Scott Weese, an infectious disease veterinarian of the Ontario Veterinary College at the University of Guelph, said B.C. made a necessary and proactive decision to avoid further spread of COVID-19 between the animals and humans.

He said mink are relatively susceptible to respiratory infections that can easily spread at farms where animals are housed together.

“If it’s present in the animals, we’ve got more risk of new strains. And that’s going to be a challenge over the long term,” Weese said.

“It all comes down to the cost-benefit aspect of it. We’ve got a plausible risk and we’ve got pretty minimal benefits apart from to the farmers. And it’s a very small number of farmers.”

About 70 mink farms are currently operating in Canada as part of an industry that exports pelts to countries including China, but Weese said the exact number is tough to estimate because some farms are not licensed.

While animal welfare issues are a significant concern, there are clear problems associated with mink farms that pose risks for future pandemics, he said.

Cats are among animals that can also contract COVID-19 and pass it on to people, Weese noted, adding those infections are likely to stay within a household. On mink farms, by contrast, he said the virus could spread among thousands of animals while workers could carry it further into communities.

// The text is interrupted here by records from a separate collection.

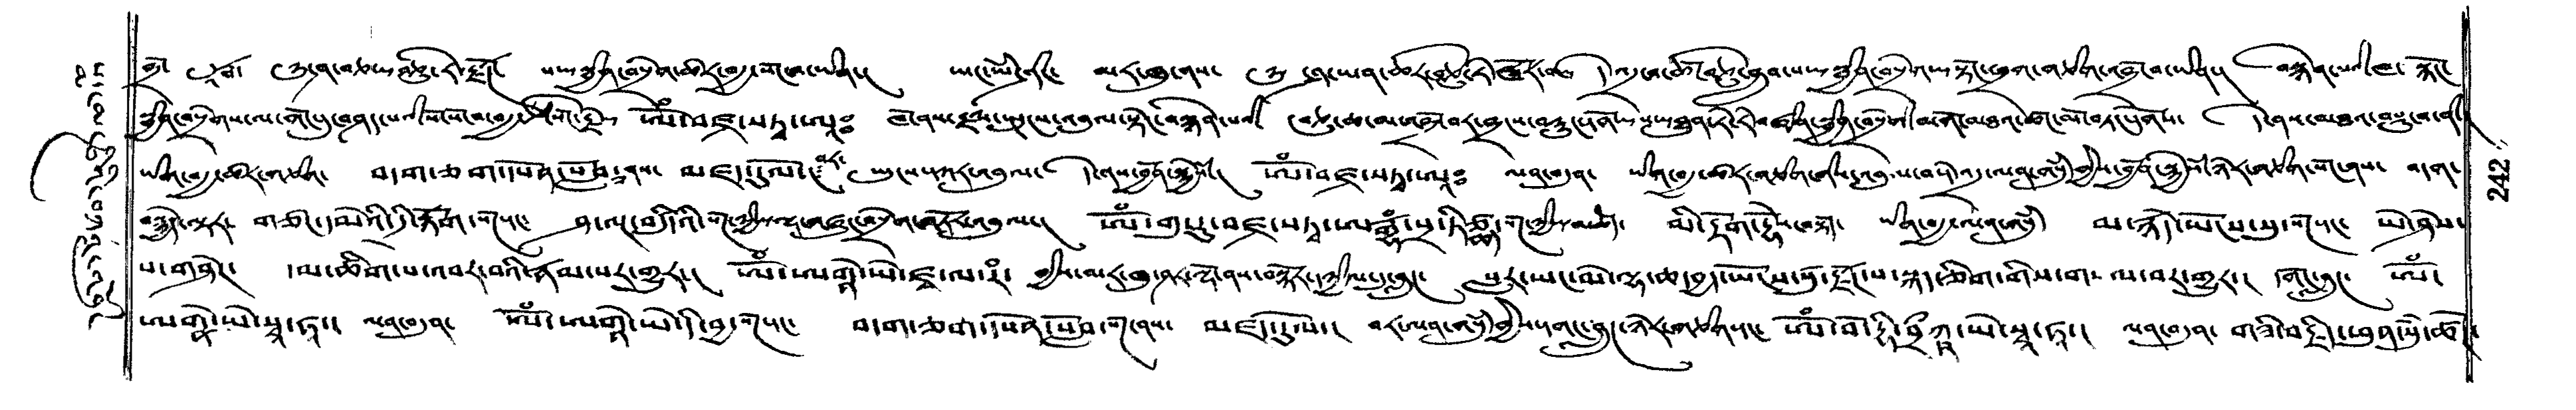གྲོ། དཱུརྦ། ཀུ་ཤ་བཅས་བཅུ་རེ་རྫོགས་པས་སྦྱིན་སྲེག་ཚར་བརྒྱ་སོང་བ་ཡིན། ཡང་ཡམ་ཤིང་། མར་ཁུ། ནས། ཀུ་ཤ་ཡན་ཚར་བཅུ་རེ་བཟླ། དེ་འདྲ་བ་ཚར་བཅུ་གྲུབ་པས་སྦྱིན་སྲེག་སྟོང་ཕྲག་གཅིག་འགྲོ་བ་ཡིན། སྙེན་པའི་ཁ་སྐོང་
སྦྱིན་སྲེག་ལ་གོང་དུ་བཤད་པའི་སོ་སོ་བ་བརྒྱ་ཙམ་སོང་རྗེས། ཨོཾ་བཛྲ་སཏྭ་ཨཱཿ ཁོ་ནས་རྫས་སྤུངས་འབུལ། སྟོང་ཕྲག་སྙེན་པའི་བཅུ་ཆ་མ་འགྲོ་བར་གྲངས་འཛིན་དགོས་པས་ཐུན་རེ་རེ་བཞིན་སྦྱིན་སྲེག་གི་མགོ་མཐའ་ཚང་བར་གཏོང་དགོས། དེ་ནས་མཐའ་བསྡུ་བ་ནི་
ཡིག་བརྒྱ་ཚར་གཅིག བདག་ཅག་དཔོན་སློབ༴ ནས། མཛད་དུ་གསོལ། བར་ཡུངས་དཀར་འབུལ། དེ་ནས་བྱོན་སྐྱེམས། ཨོཾ་བཛྲ་སཏྭ་ཨཱཿ ལན་བདུན། ཡིག་བརྒྱ་ཚར་གཅིག་གིས་འབུལ་བ་དེ་འདྲ་ལན་གསུམ་གྱིས་བྱོན་སྐྱེམས་ཉེར་གཅིག་སོང་ནས། བདག་
བསྐྱེད་ལྟར། གཙང་དམེའི་དྲི་རྟོག༴ སོགས་དང་། ཤ་ལྔ་བདུད་རྩིའི༴ སོགས་ཀྱིས་ལྷ་གཞུང་སྲེག་གཏོར་འབུལ། ཨོཾ་གུ་རུ་བཛྲ་སཏྭ་ཨརྒྷཾ་པྲ་ཏིཙྪ༴ སོགས་ཀྱིས་མཆོད། མི་རྟོག་རྡོ་རྗེ༴ སོགས་ཀྱིས་བསྟོད། ཡིག་བརྒྱ་ལན་གསུམ། མ་རྙེད་ཡོངས་སུ༴སོགས་དང་། ཡེ་ཤེས་
པ་གཤེགས། དམ་ཚིག་པ་འབར་བའི་རྣམ་པར་གྱུར། ཨོཾ་ཨགྣེ་ཡེ་ཛྭ་ལ་རྃ་གྱིས་མར་ཁུ་ཤར་ལྷོ་ནས་བསྐོར་སྟེ་དཀྱིལ་འཁོར་དུ་བླུག སླར་ཡང་མེ་ལྷ་ཆ་བྱད་ཡོངས་སུ་རྫོགས་པ་སྐད་ཅིག་གིས་གསལ་བར་གྱུར། དགང་བླུག ཨོཾ་
ཨགྣེ་ཡེ་སྭ་ཧཱ། ལན་བདུན། ཨོཾ་ཨགྣེ་ཡེ་དེ་བྱ༴ སོགས་དང་། བདག་ཅག་དཔོན་སློབ༴ སོགས་ནས། མཛད་དུ་གསོལ། བར་ལན་གསུམ་གྱིས་དགང་བླུག་ཉེར་གཅིག་དང་། ཨོཾ་བོ་དྷི་བྲྀཀྵ་ཡ་སྭ་ཧཱ། ལན་བདུན། བཟི་བརྗིད་ཕུན་སུམ་ཚོགས་
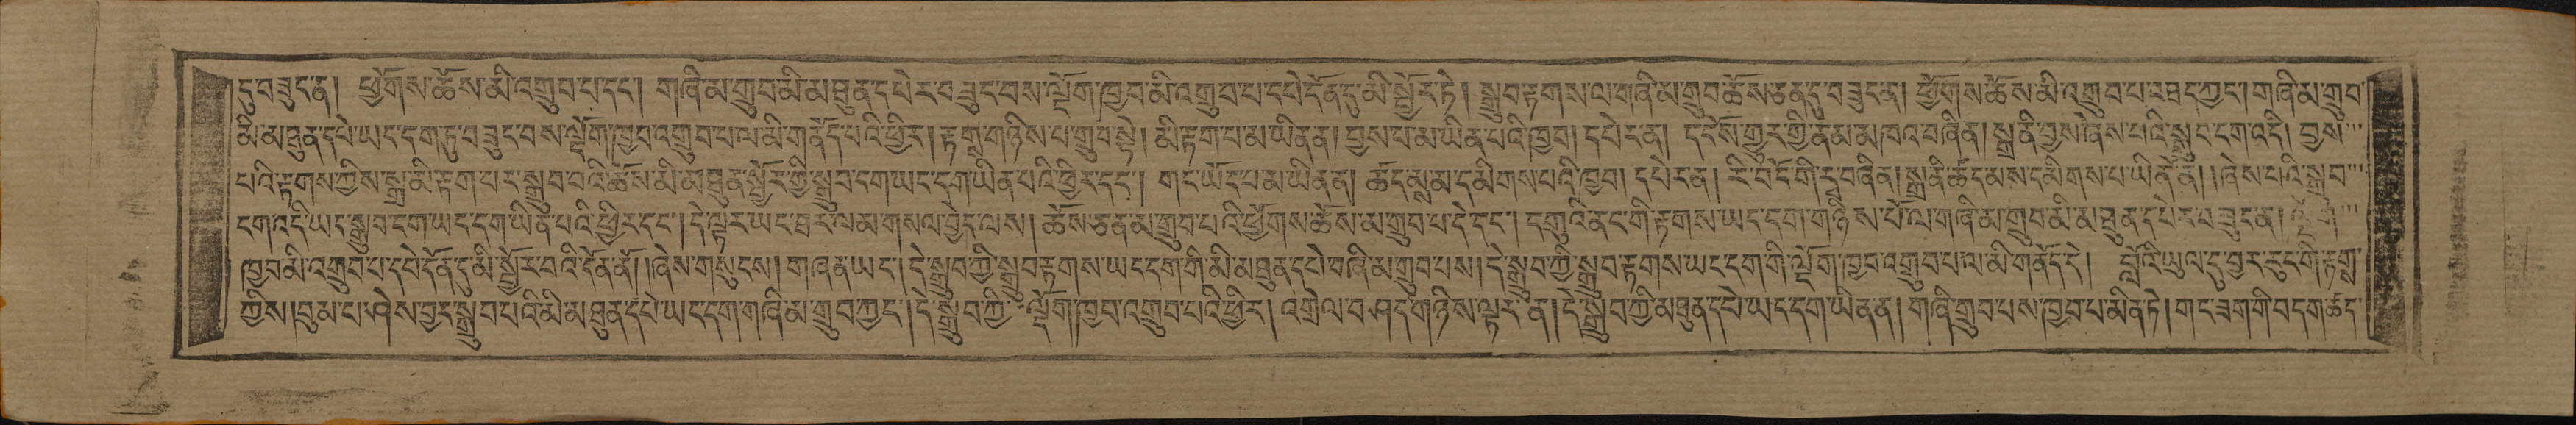དུ་བཟུང་ན། ཕྱོགས་ཆོས་མི་འགྲུབ་པ་དང་། གཞི་མ་གྲུབ་མི་མཐུན་དཔེར་བཟུང་བས་ལྡོག་ཁྱབ་མི་འགྲུབ་པ་དཔེ་དོན་དུ་མི་སྦྱོར་ཏེ། སྒྲུབ་རྟགས་ལ་གཞི་མ་གྲུབ་ཆོས་ཅན་དུ་བཟུང་ན། ཕྱོགས་ཆོས་མི་འགྲུབ་པ་འཐད་ཀྱང་། གཞི་མ་གྲུབ་
མི་མཐུན་དཔེ་ཡང་དག་ཏུ་བཟུང་བས་ལྡོག་ཁྱབ་འགྲུབ་པ་ལ་མི་གནོད་པའི་ཕྱིར། རྟགས་གཉིས་པ་གྲུབ་སྟེ། མི་རྟག་པ་མ་ཡིན་ན། བྱས་པ་མ་ཡིན་པས་ཁྱབ། དཔེར་ན། དངོས་གྱུར་གྱི་ནམ་མཁའ་བཞིན། སྒྲ་ནི་བྱས་ཞེས་པའི་སྒྲུབ་ངག་འདི། བྱས་
པའི་རྟགས་ཀྱིས་སྒྲ་མི་རྟག་པར་སྒྲུབ་པའི་ཆོས་མི་མཐུན་སྦྱོར་གྱི་སྒྲུབ་ངག་ཡང་དག་ཡིན་པའི་ཕྱིར་དང་། གང་ཡོད་པ་མ་ཡིན་ན། ཚད་མས་མ་དམིགས་པས་ཁྱབ། དཔེར་ན། རི་བོང་གི་རྭ་བཞིན། སྒྲ་ནི་ཚད་མས་དམིགས་པ་ཡིན་ནོ། །ཞེས་པའི་སྒྲུབ་
ངག་འདི་ཡང་སྒྲུབ་ངག་ཡང་དག་ཡིན་པའི་ཕྱིར་དང་། དེ་ལྟར་ཡང་ཐར་ལམ་གསལ་བྱེད་ལས། ཆོས་ཅན་མ་གྲུབ་པའི་ཕྱོགས་ཆོས་མ་གྲུབ་པ་དེ་དང་། དགུའི་ནང་གི་རྟགས་ཡང་དག་གཉིས་པོ་ལ་གཞི་མ་གྲུབ་མི་མཐུན་དཔེར་བཟུང་ན། ལྡོག་
ཁྱབ་མི་འགྲུབ་པ་དཔེ་དོན་དུ་མི་སྦྱོར་བའི་དོན་ནོ། །ཞེས་གསུངས། གཞན་ཡང་། དེ་སྒྲུབ་ཀྱི་སྒྲུབ་རྟགས་ཡང་དག་གི་མི་མཐུན་དཔེ་བཞི་མ་གྲུབ་པས། དེ་སྒྲུབ་ཀྱི་སྒྲུབ་རྟགས་ཡང་དག་གི་ལྡོག་ཁྱབ་འགྲུབ་པ་ལ་མི་གནོད་དེ། བློའི་ཡུལ་དུ་བྱར་རུང་གི་རྟགས་
ཀྱིས། བུམ་པ་ཤེས་བྱར་སྒྲུབ་པའི་མི་མཐུན་དཔེ་ཡང་དག་གཞི་མ་གྲུབ་ཀྱང་། དེ་སྒྲུབ་ཀྱི་ལྡོག་ཁྱབ་འགྲུབ་པའི་ཕྱིར། འགྲེལ་བཤད་གཉིས་ལྟར་ན། དེ་སྒྲུབ་ཀྱི་མཐུན་དཔེ་ཡང་དག་ཡིན་ན། གཞི་གྲུབ་པས་ཁྱབ་པ་མིན་ཏེ། གང་ཟག་གི་བདག་ཚད་
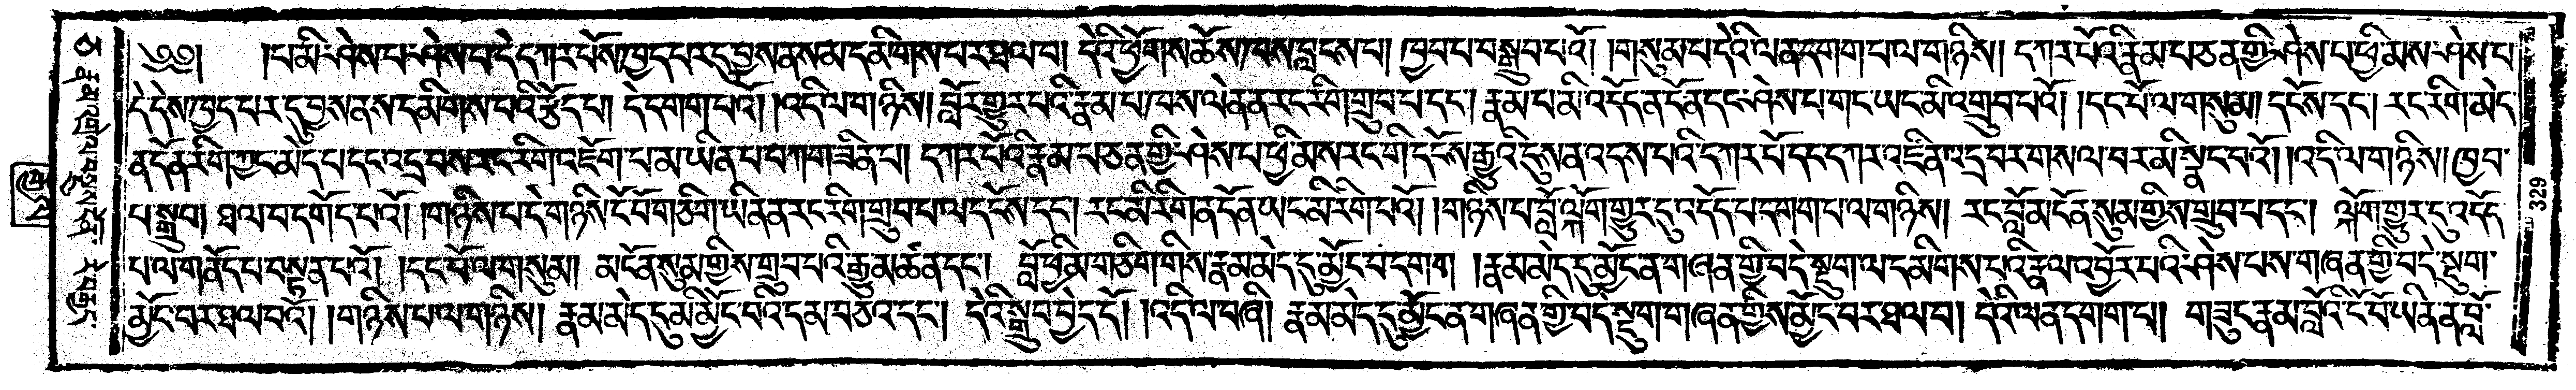༄༅། །པ་མི་ཤེས་པ་ཤེས་པ་དེ་དཀར་པོས་ཁྱད་པར་དུ་བྱས་ནས་མ་དམིགས་པར་ཐལ་བ། དེའི་ཕྱོགས་ཆོས་ཁས་བླངས་པ། ཁྱབ་པ་བསྒྲུབ་པའོ། །གསུམ་པ་དེའི་ལན་དགག་པ་ལ་གཉིས། དཀར་པོའི་རྣམ་པ་ཅན་གྱི་ཤེས་པ་ཕྱི་མས་ཤེས་པ་
དེ་དེས་ཁྱད་པར་དུ་བྱས་ནས་དམིགས་པའི་རྩོད་པ། དེ་དགག་པའོ། །འདི་ལ་གཉིས། བློར་གྱུར་པའི་རྣམ་པ་ཁས་ལེན་ན་རང་རིག་གྲུབ་པ་དང་། རྣམ་པ་མི་འདོད་ན་དོན་དང་ཤེས་པ་གང་ཡང་མི་འགྲུབ་པའོ། །དང་པོ་ལ་གསུམ། དངོས་དང་། རང་རིག་མེད་
ན་དོན་རིག་ཀྱང་མེད་པ་དང་འདྲ་བས་རང་རིག་འཇོག་པ་མ་ཡིན་པ་བཀག་ཟིན་པ། དཀར་པོའི་རྣམ་པ་ཅན་གྱི་ཤེས་པ་ཕྱི་མས་རང་གི་དངོས་རྒྱུའི་དུས་ན་འདས་པའི་དཀར་པོ་དང་དཀར་འཛིན་འདྲ་བར་གསལ་བར་མི་སྣང་བའོ། །འདི་ལ་གཉིས། ཁྱབ་
པ་སྒྲུབ། ཐལ་བ་དགོད་པའོ། །གཉིས་པ་དེ་གཉིས་ངོ་བོ་གཅིག་ཡིན་ན་རང་རིག་གྲུབ་པ་ལ་དངོས་དང་། རང་མི་རིག་ན་དོན་ཡང་མི་རིག་པའོ། །གཉིས་པ་བློ་ལྐོག་གྱུར་དུ་འདོད་པ་དགག་པ་ལ་གཉིས། རང་བློ་མངོན་སུམ་གྱིས་གྲུབ་པ་དང་། ལྐོག་གྱུར་དུ་འདོད་
པ་ལ་གནོད་པ་བསྟན་པའོ། །དང་པོ་ལ་གསུམ། མངོན་སུམ་གྱིས་གྲུབ་པའི་རྒྱུ་མཚན་དང་། བློ་ཕྱི་མ་གཅིག་གིས་རྣམ་མེད་དུ་མྱོང་བ་དགག །རྣམ་མེད་དུ་མྱོང་ན་གཞན་གྱི་བདེ་སྡུག་ལ་དམིགས་པའི་རྣལ་འབྱོར་པའི་ཤེས་པས་གཞན་གྱི་བདེ་སྡུག་
མྱོང་བར་ཐལ་བའོ། །གཉིས་པ་ལ་གཉིས། རྣམ་མེད་དུ་མི་མྱོང་བའི་དམ་བཅའ་དང་། དེའི་སྒྲུབ་བྱེད་དོ། །འདི་ལ་བཞི། རྣམ་མེད་དུ་མྱོང་ན་གཞན་གྱི་བདེ་སྡུག་གཞན་གྱིས་མྱོང་བར་ཐལ་བ། དེའི་ལན་དགག་པ། གཟུང་རྣམ་བློའི་ངོ་བོ་ཡིན་ན་བློ་
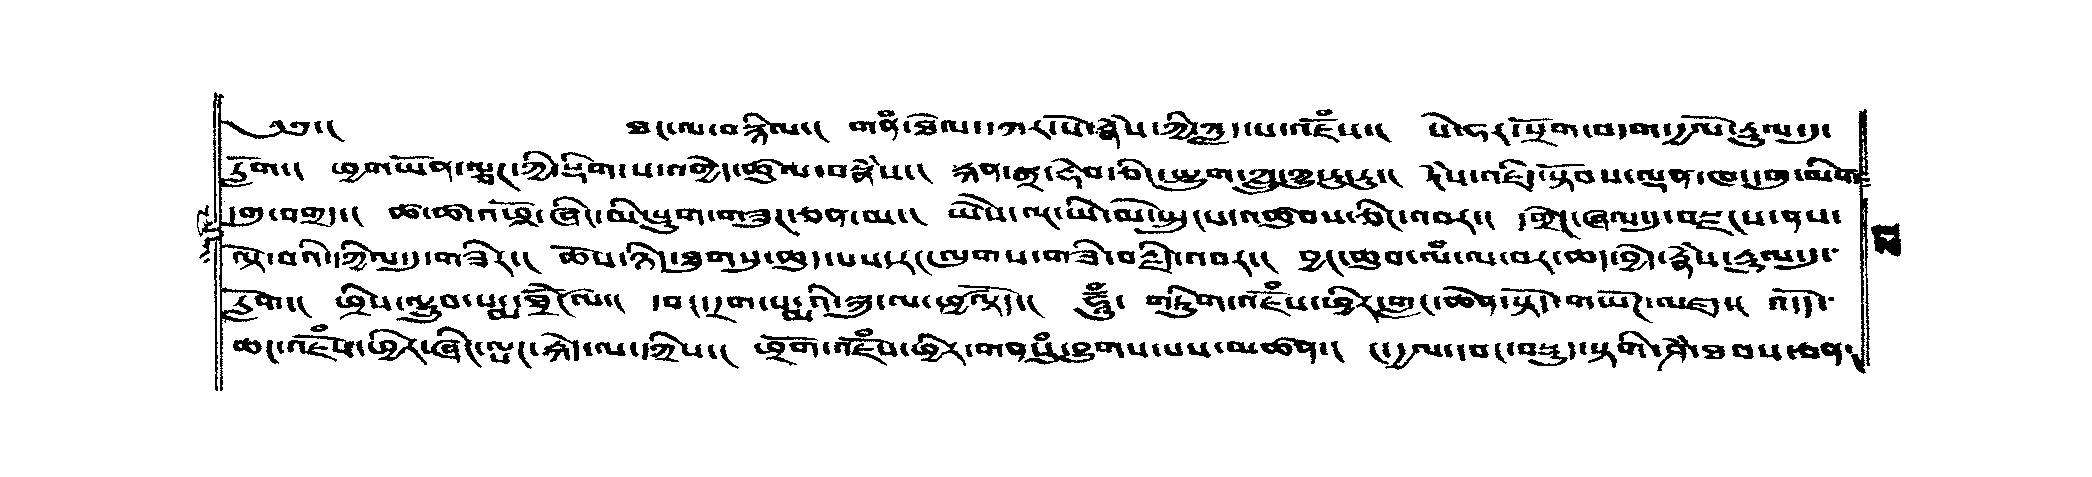ཐང་ལ་བསྙིལ། །གནམ་ཐེལ་དཀར་པོ་རྣམས་ཀྱི་ཀླད་པ་འཇོམས། །པེ་ཧར་སྲོག་བདག་རྒྱལ་པོ་རྡུལ་དུ་
རློག་།ཕྱག་གཡོན་ལྕགས་ཀྱི་སྡིག་པ་འགྱེད་ཚུལ་བསྣམས། །རྐན་སྒྲ་རྡེབ་ཅིང་སྤྱུག་ཀླུ་ཀུ་རུ་རུ། །རྔམས་བརྗིད་སྟོབས་ལྡན་ཁ་དགུ་མིག་
དགུ་བགྲད། །ཚ་ཚ་འཕྲོ་ཞིང་མི་སྡུག་གཟུགས་ཅན་མ། །ཡེ་ཤེས་ལྔ་ཡི་མེ་དཔུང་འཚུབས་ཤིང་འབར། །དགྲ་དགེགས་ཞལ་དུ་བརྫངས་ནས་
ལྟོ་བའི་དཀྱིལ་དུ་གཟིར། ཆོས་ཉིད་ཐུགས་སུ་ཆུད་པས་རང་ལུགས་གཟི་བརྗིད་འབར། བྱང་ཆུབ་ལམ་ལ་བར་ཆད་བྱེད་རྣམས་རྡུལ་དུ་
རློག་ཕྲིན་ལས་ལྷུན་གྲུབ་པདྨ་ཐོད་ཕྲེང་རྩལ། །དབང་དྲག་པདྨའི་སྐུ་ལ་ཕྱག་འཚལ་བསྟོད། །ཧཱུྃ། གཏི་མུག་འཇོམས་ཕྱིར་གླང་ཆེན་སྟོད་གཡོག་མཛད། །འདོད་
ཆགས་འཇོམས་ཕྱིར་ཞིང་ལྤགས་རྐེད་ལ་དཀྲིས། །ཕྲག་དོག་འཇོམས་ཕྱིར་གནས་སུ་བྱུགས་པས་མཚན། །ང་རྒྱལ་དབང་བསྡུད་སྟག་གི་ཤམ་ཐབས་ཅན། །

While the mink farming industry is winding down in B.C., Nova Scotia began boosting the sector by offering separate funding to 24 licensed producers starting in January.

The Agriculture Department said 12 of those farms have so far received nearly $780,000 as part of the program aimed at strengthening the industry’s market position.

“Maintaining public trust is a goal of the Nova Scotia Mink Breeders Association, and this program supports members by assuring the highest level of care,” the department said in an emailed statement.